::: Input data

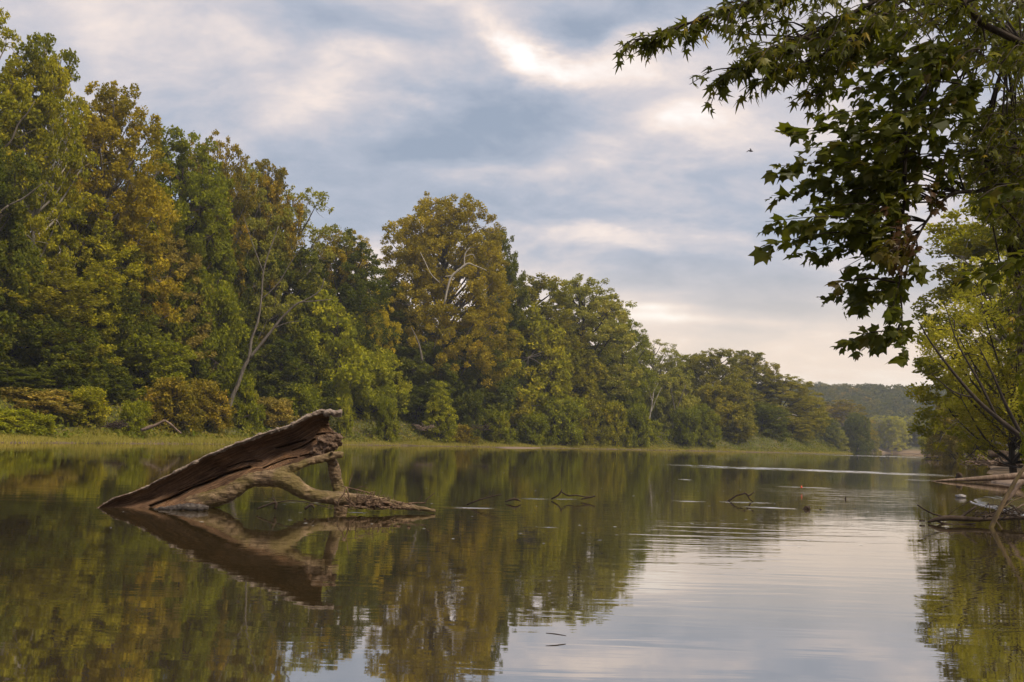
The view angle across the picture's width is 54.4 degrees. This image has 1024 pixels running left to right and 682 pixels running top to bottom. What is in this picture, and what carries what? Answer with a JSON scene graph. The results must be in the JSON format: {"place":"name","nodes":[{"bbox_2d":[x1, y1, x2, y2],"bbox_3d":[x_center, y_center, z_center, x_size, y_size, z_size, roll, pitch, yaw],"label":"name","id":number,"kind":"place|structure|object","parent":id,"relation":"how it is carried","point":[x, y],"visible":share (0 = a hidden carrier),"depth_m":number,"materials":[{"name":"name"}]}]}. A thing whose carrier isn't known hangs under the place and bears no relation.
{"place":"outdoors","nodes":[
{"label":"outdoors","id":0,"kind":"place"},
{"bbox_2d":[0,396,1020,474],"bbox_3d":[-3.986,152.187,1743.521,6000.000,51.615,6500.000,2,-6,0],"label":"ground","id":1,"kind":"structure","parent":0,"point":[994,470],"depth_m":154.31,"materials":[{"name":"plant"}]},
{"bbox_2d":[0,139,45,377],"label":"tree","id":2,"kind":"object","parent":1,"relation":"on","point":[11,217],"visible":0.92,"depth_m":87.30,"materials":[{"name":"green plant"}]},
{"bbox_2d":[0,407,47,436],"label":"shrub","id":3,"kind":"object","parent":1,"relation":"on","point":[17,422],"visible":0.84,"depth_m":74.20,"materials":[{"name":"green plant"}]},
{"bbox_2d":[0,366,63,396],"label":"tree","id":4,"kind":"object","parent":1,"relation":"on","point":[25,375],"visible":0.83,"depth_m":83.90,"materials":[{"name":"green plant"}]},
{"bbox_2d":[0,7,66,238],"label":"tree","id":5,"kind":"object","parent":1,"relation":"on","point":[14,90],"visible":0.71,"depth_m":93.40,"materials":[{"name":"green plant"}]},
{"bbox_2d":[26,414,56,436],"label":"shrub","id":6,"kind":"object","parent":1,"relation":"on","point":[47,421],"visible":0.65,"depth_m":77.19,"materials":[{"name":"green plant"}]},
{"bbox_2d":[0,386,84,420],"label":"shrub","id":7,"kind":"object","parent":1,"relation":"on","point":[54,398],"visible":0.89,"depth_m":82.38,"materials":[{"name":"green plant"}]},
{"bbox_2d":[0,31,99,365],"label":"tree","id":8,"kind":"object","parent":1,"relation":"on","point":[61,132],"visible":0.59,"depth_m":95.18,"materials":[{"name":"green plant"}]},
{"bbox_2d":[0,313,108,404],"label":"tree","id":9,"kind":"object","parent":1,"relation":"on","point":[51,360],"visible":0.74,"depth_m":88.58,"materials":[{"name":"green plant"}]},
{"bbox_2d":[0,244,122,387],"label":"tree","id":10,"kind":"object","parent":1,"relation":"on","point":[67,285],"visible":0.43,"depth_m":91.00,"materials":[{"name":"green plant"}]},
{"bbox_2d":[3,191,157,368],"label":"tree","id":11,"kind":"object","parent":1,"relation":"on","point":[97,228],"visible":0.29,"depth_m":100.00,"materials":[{"name":"green plant"}]},
{"bbox_2d":[61,385,114,427],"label":"shrub","id":12,"kind":"object","parent":1,"relation":"on","point":[94,408],"visible":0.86,"depth_m":85.22,"materials":[{"name":"green plant"}]},
{"bbox_2d":[50,358,143,402],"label":"tree","id":13,"kind":"object","parent":1,"relation":"on","point":[120,379],"visible":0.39,"depth_m":95.78,"materials":[{"name":"green plant"}]},
{"bbox_2d":[45,237,165,394],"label":"tree","id":14,"kind":"object","parent":1,"relation":"on","point":[149,326],"visible":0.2,"depth_m":102.57,"materials":[{"name":"green plant"}]},
{"bbox_2d":[43,80,185,335],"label":"tree","id":15,"kind":"object","parent":1,"relation":"on","point":[107,125],"visible":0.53,"depth_m":106.24,"materials":[{"name":"green plant"}]},
{"bbox_2d":[111,399,153,437],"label":"shrub","id":16,"kind":"object","parent":1,"relation":"on","point":[134,414],"visible":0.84,"depth_m":88.41,"materials":[{"name":"green plant"}]},
{"bbox_2d":[96,327,196,401],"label":"tree","id":17,"kind":"object","parent":1,"relation":"on","point":[160,368],"visible":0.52,"depth_m":101.97,"materials":[{"name":"green plant"}]},
{"bbox_2d":[128,233,216,377],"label":"tree","id":18,"kind":"object","parent":1,"relation":"on","point":[196,340],"visible":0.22,"depth_m":113.67,"materials":[{"name":"green plant"}]},
{"bbox_2d":[140,375,206,435],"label":"shrub","id":19,"kind":"object","parent":1,"relation":"on","point":[171,397],"visible":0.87,"depth_m":96.82,"materials":[{"name":"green plant"}]},
{"bbox_2d":[117,124,251,376],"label":"tree","id":20,"kind":"object","parent":1,"relation":"on","point":[208,198],"visible":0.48,"depth_m":119.12,"materials":[{"name":"green plant"}]},
{"bbox_2d":[135,258,244,406],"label":"tree","id":21,"kind":"object","parent":1,"relation":"on","point":[222,295],"visible":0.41,"depth_m":114.94,"materials":[{"name":"green plant"}]},
{"bbox_2d":[146,354,250,405],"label":"tree","id":22,"kind":"object","parent":1,"relation":"on","point":[195,370],"visible":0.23,"depth_m":112.38,"materials":[{"name":"green plant"}]},
{"bbox_2d":[182,377,236,432],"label":"shrub","id":23,"kind":"object","parent":1,"relation":"on","point":[211,399],"visible":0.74,"depth_m":103.89,"materials":[{"name":"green plant"}]},
{"bbox_2d":[174,216,263,377],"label":"tree","id":24,"kind":"object","parent":1,"relation":"on","point":[249,272],"visible":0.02,"depth_m":128.55,"materials":[{"name":"green plant"}]},
{"bbox_2d":[178,129,260,313],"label":"tree","id":25,"kind":"object","parent":1,"relation":"on","point":[246,196],"visible":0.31,"depth_m":129.47,"materials":[{"name":"green plant"}]},
{"bbox_2d":[206,249,273,396],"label":"tree","id":26,"kind":"object","parent":1,"relation":"on","point":[246,315],"visible":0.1,"depth_m":129.68,"materials":[{"name":"green plant"}]},
{"bbox_2d":[218,371,266,434],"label":"shrub","id":27,"kind":"object","parent":1,"relation":"on","point":[244,415],"visible":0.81,"depth_m":113.20,"materials":[{"name":"green plant"}]},
{"bbox_2d":[202,163,302,347],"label":"tree","id":28,"kind":"object","parent":1,"relation":"on","point":[291,300],"visible":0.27,"depth_m":132.71,"materials":[{"name":"green plant"}]},
{"bbox_2d":[249,395,300,428],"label":"shrub","id":29,"kind":"object","parent":1,"relation":"on","point":[278,413],"visible":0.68,"depth_m":121.75,"materials":[{"name":"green plant"}]},
{"bbox_2d":[247,158,304,350],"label":"tree","id":30,"kind":"object","parent":1,"relation":"on","point":[277,186],"visible":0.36,"depth_m":137.62,"materials":[{"name":"green plant"}]},
{"bbox_2d":[229,219,332,408],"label":"leaning tree","id":31,"kind":"object","parent":1,"relation":"on","point":[238,382],"visible":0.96,"depth_m":112.62,"materials":[{"name":"grey plant"}]},
{"bbox_2d":[241,333,337,410],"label":"tree","id":32,"kind":"object","parent":1,"relation":"on","point":[304,372],"visible":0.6,"depth_m":132.00,"materials":[{"name":"green plant"}]},
{"bbox_2d":[244,240,335,401],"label":"tree","id":33,"kind":"object","parent":1,"relation":"on","point":[303,287],"visible":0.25,"depth_m":136.92,"materials":[{"name":"green plant"}]},
{"bbox_2d":[250,184,352,333],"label":"tree","id":34,"kind":"object","parent":1,"relation":"on","point":[306,225],"visible":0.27,"depth_m":141.33,"materials":[{"name":"green plant"}]},
{"bbox_2d":[281,381,329,421],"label":"shrub","id":35,"kind":"object","parent":1,"relation":"on","point":[304,400],"visible":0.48,"depth_m":127.86,"materials":[{"name":"green plant"}]},
{"bbox_2d":[269,289,379,418],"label":"tree","id":36,"kind":"object","parent":1,"relation":"on","point":[345,341],"visible":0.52,"depth_m":138.98,"materials":[{"name":"green plant"}]},
{"bbox_2d":[305,271,369,402],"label":"tree","id":37,"kind":"object","parent":1,"relation":"on","point":[354,311],"visible":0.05,"depth_m":149.13,"materials":[{"name":"green plant"}]},
{"bbox_2d":[304,227,371,351],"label":"tree","id":38,"kind":"object","parent":1,"relation":"on","point":[336,251],"visible":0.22,"depth_m":152.44,"materials":[{"name":"green plant"}]},
{"bbox_2d":[334,392,353,436],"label":"shrub","id":39,"kind":"object","parent":1,"relation":"on","point":[344,423],"visible":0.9,"depth_m":136.60,"materials":[{"name":"green plant"}]},
{"bbox_2d":[308,227,400,368],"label":"tree","id":40,"kind":"object","parent":1,"relation":"on","point":[355,293],"visible":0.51,"depth_m":150.13,"materials":[{"name":"green plant"}]},
{"bbox_2d":[335,337,412,420],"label":"tree","id":41,"kind":"object","parent":1,"relation":"on","point":[384,373],"visible":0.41,"depth_m":149.57,"materials":[{"name":"green plant"}]},
{"bbox_2d":[349,282,402,409],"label":"tree","id":42,"kind":"object","parent":1,"relation":"on","point":[387,324],"visible":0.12,"depth_m":155.92,"materials":[{"name":"green plant"}]},
{"bbox_2d":[371,394,400,443],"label":"shrub","id":43,"kind":"object","parent":1,"relation":"on","point":[387,415],"visible":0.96,"depth_m":140.04,"materials":[{"name":"green plant"}]},
{"bbox_2d":[340,273,437,411],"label":"tree","id":44,"kind":"object","parent":1,"relation":"on","point":[404,337],"visible":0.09,"depth_m":166.49,"materials":[{"name":"green plant"}]},
{"bbox_2d":[0,383,842,451],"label":"undergrowth","id":45,"kind":"object","parent":1,"relation":"on","point":[118,432],"visible":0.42,"depth_m":136.94,"materials":[{"name":"green plant"}]},
{"bbox_2d":[376,341,468,425],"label":"tree","id":46,"kind":"object","parent":1,"relation":"on","point":[415,364],"visible":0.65,"depth_m":159.90,"materials":[{"name":"green plant"}]},
{"bbox_2d":[0,426,851,453],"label":"bank grass","id":47,"kind":"structure","parent":1,"relation":"on","point":[107,438],"depth_m":96.91,"materials":[{"name":"plant"}]},
{"bbox_2d":[421,381,458,442],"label":"tree","id":48,"kind":"object","parent":1,"relation":"on","point":[436,403],"visible":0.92,"depth_m":153.31,"materials":[{"name":"green plant"}]},
{"bbox_2d":[367,191,523,387],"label":"tree","id":49,"kind":"object","parent":1,"relation":"on","point":[429,241],"visible":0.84,"depth_m":168.53,"materials":[{"name":"green plant"}]},
{"bbox_2d":[441,423,480,444],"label":"shrub","id":50,"kind":"object","parent":1,"relation":"on","point":[462,434],"visible":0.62,"depth_m":156.09,"materials":[{"name":"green plant"}]},
{"bbox_2d":[412,327,520,427],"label":"tree","id":51,"kind":"object","parent":1,"relation":"on","point":[473,375],"visible":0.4,"depth_m":168.68,"materials":[{"name":"green plant"}]},
{"bbox_2d":[455,387,485,440],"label":"shrub","id":52,"kind":"object","parent":1,"relation":"on","point":[473,412],"visible":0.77,"depth_m":161.90,"materials":[{"name":"green plant"}]},
{"bbox_2d":[460,369,529,424],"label":"tree","id":53,"kind":"object","parent":1,"relation":"on","point":[493,388],"visible":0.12,"depth_m":173.49,"materials":[{"name":"green plant"}]},
{"bbox_2d":[481,408,515,445],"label":"shrub","id":54,"kind":"object","parent":1,"relation":"on","point":[497,421],"visible":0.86,"depth_m":165.31,"materials":[{"name":"green plant"}]},
{"bbox_2d":[470,228,532,388],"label":"tree","id":55,"kind":"object","parent":1,"relation":"on","point":[511,272],"visible":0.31,"depth_m":185.08,"materials":[{"name":"green plant"}]},
{"bbox_2d":[457,299,548,422],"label":"tree","id":56,"kind":"object","parent":1,"relation":"on","point":[525,325],"visible":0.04,"depth_m":184.81,"materials":[{"name":"green plant"}]},
{"bbox_2d":[510,412,548,445],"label":"shrub","id":57,"kind":"object","parent":1,"relation":"on","point":[532,427],"visible":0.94,"depth_m":172.19,"materials":[{"name":"green plant"}]},
{"bbox_2d":[487,303,576,433],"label":"tree","id":58,"kind":"object","parent":1,"relation":"on","point":[563,368],"visible":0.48,"depth_m":183.13,"materials":[{"name":"green plant"}]},
{"bbox_2d":[484,272,599,404],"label":"tree","id":59,"kind":"object","parent":1,"relation":"on","point":[537,287],"visible":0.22,"depth_m":194.74,"materials":[{"name":"green plant"}]},
{"bbox_2d":[541,395,590,447],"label":"shrub","id":60,"kind":"object","parent":1,"relation":"on","point":[564,420],"visible":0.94,"depth_m":179.21,"materials":[{"name":"green plant"}]},
{"bbox_2d":[528,342,608,418],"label":"tree","id":61,"kind":"object","parent":1,"relation":"on","point":[589,381],"visible":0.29,"depth_m":192.04,"materials":[{"name":"green plant"}]},
{"bbox_2d":[573,398,609,447],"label":"shrub","id":62,"kind":"object","parent":1,"relation":"on","point":[587,424],"visible":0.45,"depth_m":185.41,"materials":[{"name":"green plant"}]},
{"bbox_2d":[546,273,643,406],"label":"tree","id":63,"kind":"object","parent":1,"relation":"on","point":[596,302],"visible":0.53,"depth_m":201.96,"materials":[{"name":"green plant"}]},
{"bbox_2d":[581,347,631,426],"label":"tree","id":64,"kind":"object","parent":1,"relation":"on","point":[607,361],"visible":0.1,"depth_m":205.09,"materials":[{"name":"green plant"}]},
{"bbox_2d":[599,400,634,446],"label":"shrub","id":65,"kind":"object","parent":1,"relation":"on","point":[616,424],"visible":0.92,"depth_m":192.46,"materials":[{"name":"green plant"}]},
{"bbox_2d":[599,379,647,432],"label":"tree","id":66,"kind":"object","parent":1,"relation":"on","point":[629,401],"visible":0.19,"depth_m":205.71,"materials":[{"name":"green plant"}]},
{"bbox_2d":[596,318,665,410],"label":"tree","id":67,"kind":"object","parent":1,"relation":"on","point":[645,358],"visible":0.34,"depth_m":213.35,"materials":[{"name":"green plant"}]},
{"bbox_2d":[621,402,653,447],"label":"shrub","id":68,"kind":"object","parent":1,"relation":"on","point":[638,419],"visible":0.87,"depth_m":195.04,"materials":[{"name":"green plant"}]},
{"bbox_2d":[631,339,681,406],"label":"tree","id":69,"kind":"object","parent":1,"relation":"on","point":[659,367],"visible":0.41,"depth_m":229.84,"materials":[{"name":"green plant"}]},
{"bbox_2d":[647,419,668,443],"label":"shrub","id":70,"kind":"object","parent":1,"relation":"on","point":[658,429],"visible":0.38,"depth_m":206.31,"materials":[{"name":"green plant"}]},
{"bbox_2d":[645,363,700,431],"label":"tree","id":71,"kind":"object","parent":1,"relation":"on","point":[676,381],"visible":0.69,"depth_m":221.82,"materials":[{"name":"green plant"}]},
{"bbox_2d":[661,349,703,403],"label":"tree","id":72,"kind":"object","parent":1,"relation":"on","point":[683,370],"visible":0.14,"depth_m":239.51,"materials":[{"name":"green plant"}]},
{"bbox_2d":[665,405,701,446],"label":"shrub","id":73,"kind":"object","parent":1,"relation":"on","point":[685,425],"visible":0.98,"depth_m":209.97,"materials":[{"name":"green plant"}]},
{"bbox_2d":[689,403,722,448],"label":"tree","id":74,"kind":"object","parent":1,"relation":"on","point":[706,428],"visible":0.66,"depth_m":213.61,"materials":[{"name":"green plant"}]},
{"bbox_2d":[684,347,758,425],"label":"tree","id":75,"kind":"object","parent":1,"relation":"on","point":[720,370],"visible":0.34,"depth_m":236.83,"materials":[{"name":"green plant"}]},
{"bbox_2d":[693,372,759,442],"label":"tree","id":76,"kind":"object","parent":1,"relation":"on","point":[730,390],"visible":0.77,"depth_m":225.26,"materials":[{"name":"green plant"}]},
{"bbox_2d":[722,420,753,440],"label":"shrub","id":77,"kind":"object","parent":1,"relation":"on","point":[742,435],"visible":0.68,"depth_m":222.60,"materials":[{"name":"green plant"}]},
{"bbox_2d":[727,350,782,413],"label":"tree","id":78,"kind":"object","parent":1,"relation":"on","point":[748,364],"visible":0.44,"depth_m":258.09,"materials":[{"name":"green plant"}]},
{"bbox_2d":[744,401,793,440],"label":"tree","id":79,"kind":"object","parent":1,"relation":"on","point":[768,410],"visible":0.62,"depth_m":234.27,"materials":[{"name":"green plant"}]},
{"bbox_2d":[748,374,832,429],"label":"tree","id":80,"kind":"object","parent":1,"relation":"on","point":[786,385],"visible":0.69,"depth_m":254.29,"materials":[{"name":"green plant"}]},
{"bbox_2d":[772,416,815,441],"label":"tree","id":81,"kind":"object","parent":1,"relation":"on","point":[805,431],"visible":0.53,"depth_m":246.41,"materials":[{"name":"green plant"}]},
{"bbox_2d":[781,392,833,435],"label":"tree","id":82,"kind":"object","parent":1,"relation":"on","point":[818,427],"visible":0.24,"depth_m":268.54,"materials":[{"name":"green plant"}]},
{"bbox_2d":[613,0,1023,382],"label":"silver maple","id":83,"kind":"object","parent":1,"relation":"on","point":[1004,56],"visible":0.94,"depth_m":6.47,"materials":[{"name":"green plant"}]},
{"bbox_2d":[807,413,841,448],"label":"tree","id":84,"kind":"object","parent":1,"relation":"on","point":[834,426],"visible":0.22,"depth_m":325.47,"materials":[{"name":"green plant"}]},
{"bbox_2d":[817,427,849,451],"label":"tree","id":85,"kind":"object","parent":1,"relation":"on","point":[838,442],"visible":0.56,"depth_m":325.27,"materials":[{"name":"green plant"}]},
{"bbox_2d":[825,399,877,440],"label":"tree","id":86,"kind":"object","parent":1,"relation":"on","point":[836,410],"visible":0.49,"depth_m":368.70,"materials":[{"name":"green plant"}]},
{"bbox_2d":[841,412,874,453],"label":"tree","id":87,"kind":"object","parent":1,"relation":"on","point":[853,422],"visible":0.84,"depth_m":348.86,"materials":[{"name":"green plant"}]},
{"bbox_2d":[774,381,949,434],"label":"hillside wood","id":88,"kind":"object","parent":1,"relation":"on","point":[882,400],"visible":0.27,"depth_m":704.48,"materials":[{"name":"green plant"}]},
{"bbox_2d":[748,1,1023,367],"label":"sycamore","id":89,"kind":"object","parent":1,"relation":"on","point":[883,178],"visible":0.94,"depth_m":8.10,"materials":[{"name":"green plant"}]},
{"bbox_2d":[877,416,912,452],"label":"tree","id":90,"kind":"object","parent":1,"relation":"on","point":[896,426],"visible":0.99,"depth_m":495.17,"materials":[{"name":"green plant"}]},
{"bbox_2d":[925,397,992,460],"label":"tree","id":91,"kind":"object","parent":1,"relation":"on","point":[951,446],"visible":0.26,"depth_m":126.73,"materials":[{"name":"green plant"}]},
{"bbox_2d":[903,194,1023,451],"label":"tree","id":92,"kind":"object","parent":1,"relation":"on","point":[961,245],"visible":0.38,"depth_m":63.10,"materials":[{"name":"green plant"}]},
{"bbox_2d":[915,252,1023,472],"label":"tree","id":93,"kind":"object","parent":1,"relation":"on","point":[975,319],"visible":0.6,"depth_m":45.80,"materials":[{"name":"green plant"}]},
{"bbox_2d":[953,342,1023,467],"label":"tree","id":94,"kind":"object","parent":1,"relation":"on","point":[1010,374],"visible":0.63,"depth_m":44.90,"materials":[{"name":"green plant"}]},
{"bbox_2d":[918,304,1023,442],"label":"leaning bough","id":95,"kind":"object","parent":94,"relation":"attached to","point":[1004,423],"visible":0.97,"depth_m":40.00,"materials":[{"name":"brown plant"}]},
{"bbox_2d":[955,362,1022,463],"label":"tree","id":96,"kind":"object","parent":1,"relation":"on","point":[968,448],"visible":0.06,"depth_m":91.17,"materials":[{"name":"green plant"}]},
{"bbox_2d":[956,454,1023,469],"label":"driftwood heap","id":97,"kind":"object","parent":1,"relation":"on","point":[990,462],"visible":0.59,"depth_m":54.42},
{"bbox_2d":[1016,286,1023,486],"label":"tree","id":98,"kind":"object","parent":1,"relation":"on","point":[1021,391],"visible":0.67,"depth_m":30.36,"materials":[{"name":"green plant"}]},
{"bbox_2d":[0,443,1023,681],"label":"water","id":99,"kind":"structure","parent":0,"point":[657,566],"depth_m":7.65,"materials":[{"name":"liquid"}]},
{"bbox_2d":[97,409,435,511],"bbox_3d":[-3.292,1.687,13.670,4.419,1.564,1.123,3,-6,-12],"label":"hollow log","id":100,"kind":"object","parent":99,"relation":"in","point":[277,457],"visible":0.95,"depth_m":13.61,"materials":[{"name":"brown wood"}]},
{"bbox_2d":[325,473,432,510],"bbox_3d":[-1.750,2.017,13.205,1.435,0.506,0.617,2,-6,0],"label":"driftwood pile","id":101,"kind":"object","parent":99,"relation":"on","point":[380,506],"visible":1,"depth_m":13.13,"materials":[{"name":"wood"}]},
{"bbox_2d":[917,497,1023,524],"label":"fallen branch","id":102,"kind":"object","parent":99,"relation":"in","point":[949,517],"visible":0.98,"depth_m":14.02,"materials":[{"name":"brown wood"}]},
{"bbox_2d":[934,472,1023,481],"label":"log","id":103,"kind":"object","parent":99,"relation":"in","point":[1009,476],"visible":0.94,"depth_m":34.67,"materials":[{"name":"wood"}]},
{"bbox_2d":[950,503,1023,520],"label":"twig tangle","id":104,"kind":"object","parent":99,"relation":"on","point":[1006,512],"visible":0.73,"depth_m":14.22,"materials":[{"name":"brown wood"}]},
{"bbox_2d":[989,465,1023,526],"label":"fallen branch","id":105,"kind":"object","parent":99,"relation":"in","point":[1005,499],"visible":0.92,"depth_m":13.65,"materials":[{"name":"wood"}]},
{"bbox_2d":[0,0,1023,400],"label":"sky","id":106,"kind":"structure","parent":0,"point":[520,107],"materials":[{"name":"grey"}]},
{"bbox_2d":[975,496,1023,515],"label":"mud bar","id":107,"kind":"object","parent":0,"point":[997,500],"visible":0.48,"depth_m":20.25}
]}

::::::

Select and copy every line of the material that holds the string "grey".

Task solution =>
{"bbox_2d":[229,219,332,408],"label":"leaning tree","id":31,"kind":"object","parent":1,"relation":"on","point":[238,382],"visible":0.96,"depth_m":112.62,"materials":[{"name":"grey plant"}]},
{"bbox_2d":[0,0,1023,400],"label":"sky","id":106,"kind":"structure","parent":0,"point":[520,107],"materials":[{"name":"grey"}]},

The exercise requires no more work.